A local (ocular) strategy could avoid systemic toxicity. For example, anti-VEGF drugs are routinely injected into the vitreous to treat retinal disease. Similarly, one could inject a senolytic agent into the eye: this was done in the rat CNV model described above. Intravitreal D+Q markedly reduced senescent burden and disease lesions (pmc.ncbi.nlm.nih.gov). In theory, an intracameral injection (into the front of the eye) could target TM cells specifically.
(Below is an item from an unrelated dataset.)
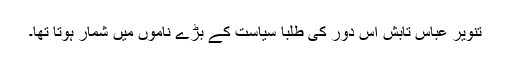
تنویر عباس تابش اس دور کی طلبا سیاست کے بڑے ناموں میں شمار ہوتا تھا۔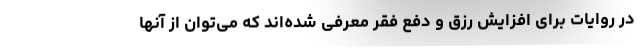
در روایات برای افزایش رزق و دفع فقر معرفی شده‌اند که می‌توان از آنها

Alternatively, specially-formulated eye drops or slow-release nanoparticles might carry senolytics into the TM. Local delivery would limit exposure to other organs and potentially allow higher doses in the eye. However, eye injections carry risks (infection, retinal detachment) and repeated injections may be impractical. Topical drops often penetrate poorly to deeper tissues. No published studies have yet tested senolytic in eye drops or intracameral injections.
In sum, both systemic and local approaches have pros and cons. Systemic senolytics are easier to administer (pil by pill) and might benefit the whole body (and eye), but run the risk of general side-effects. Local delivery would concentrate the drug in the eye (perhaps safer systemically) but may miss relevant cells (for example, blood-derived senescent immune cells) and requires invasive procedures. A combined strategy might one day be used: for instance, oral senolytics to “refresh” the body and eye lens capsule, plus a local eye treatment for posterior tissues. More research is needed to find safe formulations and dosing schedules that knockout senescent cells without harming normal ones.
Conclusion
Glaucoma remains incurable by existing treatments, which only lower eye pressure. Targeting cellular senescence is a fresh approach that aims to modify disease at a deeper level. Evidence is mounting that senescent cells in the trabecular meshwork and optic nerve head fuel chronic inflammation, fibrosis and retinal neuron death in glaucoma. Preclinical studies show that senolytic drugs – especially dasatinib+quercetin and fisetin – can protect retinal ganglion cells and preserve vision in animal models (www.nature.com) (pmc.ncbi.nlm.nih.gov). There is also reason to hope that ocular benefits will parallel the overall health improvements seen when these agents extend lifespan in mice (pubmed.ncbi.nlm.nih.gov) (pmc.ncbi.nlm.nih.gov). While human data are so far limited, early reports suggest no obvious harm to eyes from senolytics (www.nature.com). Moving forward, careful testing of senolytic therapy in glaucoma models (and eventually patients) is needed. Key issues will be ensuring safety (avoiding off-target toxicity) and finding practical delivery methods. If successful, senolytic treatment could add a disease-modifying tool to protect the aging optic nerve and outflow system – in effect “clearing out the old cells” to restore healthier eye signals and better preserve vision.